Se repasa en mesa de selección manualmente en la bodega. Después del despalillado de las uvas, se trasladan a cubas de acero inoxidable con control de temperatura durante 4 semanas durante las cuales se producen la maceración de la piel y la fermentación alcohólica para así extraer los posibles sabores frutales así como los taninos. La fermentación maloláctica se completa en barricas de roble francés.
En la crianza
Las fermentaciones las hacemos largas y tranquilas tanto la alcohólica como la maloláctica que acaban en barrica para conseguir unos vinos de terruño, finos y muy elegantes. El trabajo más especial es para las cuarenta barricas de roble francés, de doscientos veinticinco litros, encargadas de guardar y criar nuestros vinos. Es por eso que durante la crianza de estos vinos cada barrica se somete a un proceso de control continuo. Para asegurar el rendimiento las mismas, las cambiamos cada 3-4 años en un porcentaje anual del 25-30%
Tras un período que oscila entre los 12 y 18 meses en botella el vino está listo para dejar la bodega y llegar hasta la mesa. Para ello las botellas se empaquetan cuidadosamente en cajas, con la excepción de un número reducido de ellas que se mantienen en la bodega como parte del legado histórico.
Historia
Es un proyecto joven que quiere aportar esta incipiente edad de oro del Bierzo algo nuevo al mundo del vino; aprovechar la singularidad de nuestros terruños así como la de la variedad de nuestra uva autóctona para, mediante mimo y esfuerzo, realizar vinos con carácter único.
La aventura empieza en el año 2004 con la adquisición de 14 parcelas que componen las tres hectáreas de viñas de uva Mencía, con más de setenta años, de donde sale nuestro primer vino CABILDO DE SALAS y el control de otras tantas parcelas para nuestro segundo vino CABILDO DE SALAS ROBLE.
Elegimos la zona de Los Barrios, debido al hecho de su dilatada tradición vinícola y sus posibilidades de producir una magnífica materia prima. A pesar de eso, esta región ha sido injustamente olvidada durante años por los productores en favor de la parte noroeste de la comarca, donde se concentra el grueso de la producción regional.

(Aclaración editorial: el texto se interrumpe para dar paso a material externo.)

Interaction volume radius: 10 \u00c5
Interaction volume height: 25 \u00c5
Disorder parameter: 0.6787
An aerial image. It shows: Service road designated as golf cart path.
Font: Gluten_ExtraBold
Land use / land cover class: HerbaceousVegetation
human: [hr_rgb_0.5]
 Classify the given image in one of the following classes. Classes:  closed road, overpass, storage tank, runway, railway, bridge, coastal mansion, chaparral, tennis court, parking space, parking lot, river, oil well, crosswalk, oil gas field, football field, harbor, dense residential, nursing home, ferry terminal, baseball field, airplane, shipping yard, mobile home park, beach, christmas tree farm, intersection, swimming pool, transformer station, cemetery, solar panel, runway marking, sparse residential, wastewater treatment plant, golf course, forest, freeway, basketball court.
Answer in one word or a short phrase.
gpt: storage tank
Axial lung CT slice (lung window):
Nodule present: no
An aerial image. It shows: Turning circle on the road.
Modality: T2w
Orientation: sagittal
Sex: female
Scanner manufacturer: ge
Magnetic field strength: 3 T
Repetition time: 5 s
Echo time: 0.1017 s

En los años siguientes fue la adquisición de una antigua bodega de 1819 y su restauración. Todo respaldado por un equipo técnico y profesional con una gran ilusión en el proyecto de hacer un gran vino de terruño
El resultado de lo anterior da unas viñas de cepas viejas que volvieron a su plenitud después de un duro trabajo de recuperación: arar la tierra, replantar, injertar las cepas, revivir el suelo sólo con abonos naturales y sin tratamientos sistémicos. Mimar el terruño para la realización de un magnífico producto
Como premio a nuestra constancia, en el 2008 nos vimos recompensados con la medalla de oro a nuestro CABILDO DE SALAS ROBLE en el segundo concurso de los vinos del noroeste
El enólogo
Es el renombrado enólogo local Raúl Pérez quien nos anima a empezar este proyecto, incluso poniendo a nuestra disposición su bodega y elaborando el primer vino en 2004.

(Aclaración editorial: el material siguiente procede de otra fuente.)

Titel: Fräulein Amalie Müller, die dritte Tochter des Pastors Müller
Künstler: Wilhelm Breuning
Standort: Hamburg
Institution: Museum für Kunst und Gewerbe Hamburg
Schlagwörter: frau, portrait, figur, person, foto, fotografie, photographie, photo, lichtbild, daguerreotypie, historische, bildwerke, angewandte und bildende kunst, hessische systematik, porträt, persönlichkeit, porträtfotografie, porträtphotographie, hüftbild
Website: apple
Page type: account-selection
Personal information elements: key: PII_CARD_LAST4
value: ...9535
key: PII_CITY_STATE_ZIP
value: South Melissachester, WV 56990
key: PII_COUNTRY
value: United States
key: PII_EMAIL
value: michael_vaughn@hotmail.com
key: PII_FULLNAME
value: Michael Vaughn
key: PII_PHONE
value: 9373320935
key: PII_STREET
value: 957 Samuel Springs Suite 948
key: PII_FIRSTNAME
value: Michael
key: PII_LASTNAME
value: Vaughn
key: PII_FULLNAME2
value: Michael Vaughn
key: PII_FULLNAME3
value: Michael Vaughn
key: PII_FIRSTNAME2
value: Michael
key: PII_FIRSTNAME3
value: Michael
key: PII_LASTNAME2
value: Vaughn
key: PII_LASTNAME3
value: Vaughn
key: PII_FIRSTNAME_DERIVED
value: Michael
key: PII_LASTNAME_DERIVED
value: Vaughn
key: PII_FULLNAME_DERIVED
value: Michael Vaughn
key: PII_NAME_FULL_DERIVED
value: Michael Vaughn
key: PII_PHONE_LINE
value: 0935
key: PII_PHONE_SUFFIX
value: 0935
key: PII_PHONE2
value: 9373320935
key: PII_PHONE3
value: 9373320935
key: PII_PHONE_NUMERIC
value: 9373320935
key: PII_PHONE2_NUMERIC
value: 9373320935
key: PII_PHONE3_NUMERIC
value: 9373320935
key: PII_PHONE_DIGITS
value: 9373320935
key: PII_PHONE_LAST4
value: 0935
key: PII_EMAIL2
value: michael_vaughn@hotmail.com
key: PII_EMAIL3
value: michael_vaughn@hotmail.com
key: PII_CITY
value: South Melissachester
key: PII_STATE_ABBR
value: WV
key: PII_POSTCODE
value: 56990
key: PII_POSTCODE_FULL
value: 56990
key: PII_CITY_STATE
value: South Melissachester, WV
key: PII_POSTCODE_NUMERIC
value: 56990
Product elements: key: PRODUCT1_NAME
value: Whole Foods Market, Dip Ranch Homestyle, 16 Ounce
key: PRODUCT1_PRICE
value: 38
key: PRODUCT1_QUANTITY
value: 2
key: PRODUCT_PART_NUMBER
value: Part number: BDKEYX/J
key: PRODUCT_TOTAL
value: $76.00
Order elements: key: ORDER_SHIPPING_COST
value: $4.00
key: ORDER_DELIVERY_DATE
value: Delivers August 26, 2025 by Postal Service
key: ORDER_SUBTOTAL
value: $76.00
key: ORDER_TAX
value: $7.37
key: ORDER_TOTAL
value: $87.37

Raúl, el mejor representante de la nueva generación de enólogos dispuestos a abrir otras fronteras para el vino español. Obteniendo del famoso Robert Parker Jr y su prestigiosa revista americana “The wine advocate”, un 98/100, lo cual lo sitúa entre los mejores vinos del mundo. Actualmente sigue catando nuestras cosechas y aconsejándonos para seguir en la primera línea marcada por el
nuestro director técnico y enólogo en la actualidad es Francisco Lindoso, que aunque no tiene el tirón mediático de Raúl Pérez, demuestra cosecha tras cosecha una buena dosis de talento.